In this section we cite the benefits of object-oriented programming and to try to justify our choice for Ada as programming language.
Object-oriented development methods can be considered as structured programming techniques to help us out of the software crisis , see [4]. The essence of the software crisis is that building efficient, reliable, maintainable and understandable software systems is a very labor intensive and hence expensive job. But is there really a software crisis in the world of scientific computing? There are many examples of general-purpose and user-friendly mathematical software for performing numerical and symbolic computations interactively. Furthermore, various PACKages (such as HOMPACK) are commonly available, dedicated to one specific problem area, implementing one particular class of algorithms.
The following paragraph is a literal quotation from the announcement of OONSCI'96 (the Fourth Annual Object-Oriented Numerics Conference):
Scientific application software continues to grow in complexity due to increasing functionality, evolution of codes, the use of parallelism, and other factors. As a result, more and more time is spent writing and maintaining computer code, and less time is spent on the application itself. Object technology offers a way to break this cycle. Structuring applications as assemblages of software objects, rather than as monolithic programs, may pave the way for more efficient and complex applications by making software reusable, distributable, and modular.
During the last years, the algorithms needed in homotopy continuation have grown in complexity, because concepts from different and not directly related fields of computational mathematics are used. Polyhedral homotopy methods combine path following methods, from numerical analysis, and algorithms to construct convex hulls, from discrete and computational geometry. CONSOL and HOMPACK mainly focus on the continuation methods, rather than on the algebraic nature of the problem. The homotopy used in those packages is not clearly separated from the path following algorithms.

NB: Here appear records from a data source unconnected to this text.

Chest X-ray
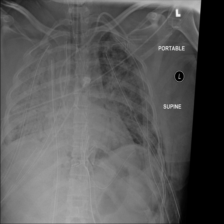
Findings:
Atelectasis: negative
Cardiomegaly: negative
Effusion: negative
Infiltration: negative
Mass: negative
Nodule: negative
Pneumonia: negative
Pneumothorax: negative
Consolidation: negative
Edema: negative
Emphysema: negative
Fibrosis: negative
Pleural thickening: negative
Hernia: negative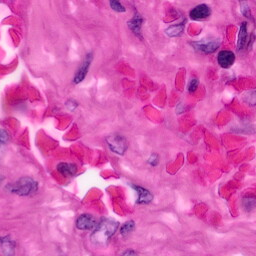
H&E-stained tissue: Pancreatic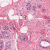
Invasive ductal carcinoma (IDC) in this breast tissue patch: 0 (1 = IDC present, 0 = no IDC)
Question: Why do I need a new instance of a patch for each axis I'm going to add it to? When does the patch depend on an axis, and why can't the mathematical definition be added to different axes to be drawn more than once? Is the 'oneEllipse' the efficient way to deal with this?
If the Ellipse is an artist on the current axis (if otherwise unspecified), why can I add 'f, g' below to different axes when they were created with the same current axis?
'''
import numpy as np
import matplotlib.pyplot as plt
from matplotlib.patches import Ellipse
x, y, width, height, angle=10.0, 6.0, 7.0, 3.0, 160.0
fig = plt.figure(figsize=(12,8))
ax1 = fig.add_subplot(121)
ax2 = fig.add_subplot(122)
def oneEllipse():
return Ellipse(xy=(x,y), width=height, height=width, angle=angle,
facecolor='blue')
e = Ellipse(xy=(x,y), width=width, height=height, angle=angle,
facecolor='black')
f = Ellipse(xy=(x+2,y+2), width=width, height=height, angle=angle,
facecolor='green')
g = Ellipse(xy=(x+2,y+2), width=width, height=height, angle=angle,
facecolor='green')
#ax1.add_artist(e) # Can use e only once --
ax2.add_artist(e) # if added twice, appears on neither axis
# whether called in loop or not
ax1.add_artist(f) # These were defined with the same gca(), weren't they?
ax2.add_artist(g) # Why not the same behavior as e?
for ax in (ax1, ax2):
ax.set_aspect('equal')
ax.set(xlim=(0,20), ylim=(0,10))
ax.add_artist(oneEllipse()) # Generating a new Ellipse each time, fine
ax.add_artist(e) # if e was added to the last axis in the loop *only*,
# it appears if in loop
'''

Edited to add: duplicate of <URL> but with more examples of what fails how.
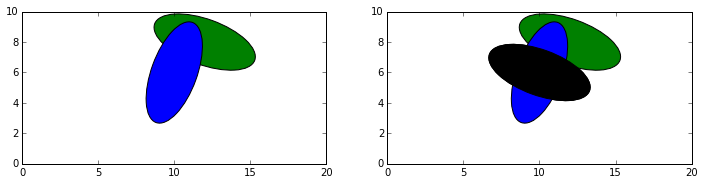
Answer: The short answer is because you can't.
The slightly longer answer is that as part of the drawing process the artists need to know what 'Axes' they belong to due to the way the transform stack works. Going into much more detail would require digging into the full draw/transform stack.
In the next feature release of mpl (2.1 ~summer 2015) trying to do this will raise an exception (<URL>
Also, be careful about 'Axis' vs 'Axes' (<URL>

Of course, structured programming can be done in languages such as FORTRAN77 and even in C, but why not use a language which supports and even enforces modular programming? The concept of a `package' is a fundamental construction in Ada, see [3] and [4]. The quality of any program is largely characterized by its design. But usually, the structure of a program grows incrementally, with modifications depending on the change of demands made by the user. In the design of scientific software, this means that programs have to be able to incorporate the growing understanding of the mathematical structure of the problem. We experienced that the package mechanism of Ada is very helpful in guiding the transition between the different stages of designing a reliable software system.
Recently, the language has gone through a revision process to be the first standardized full object-oriented programming language, already implemented by the gnu-ada compiler, see [5].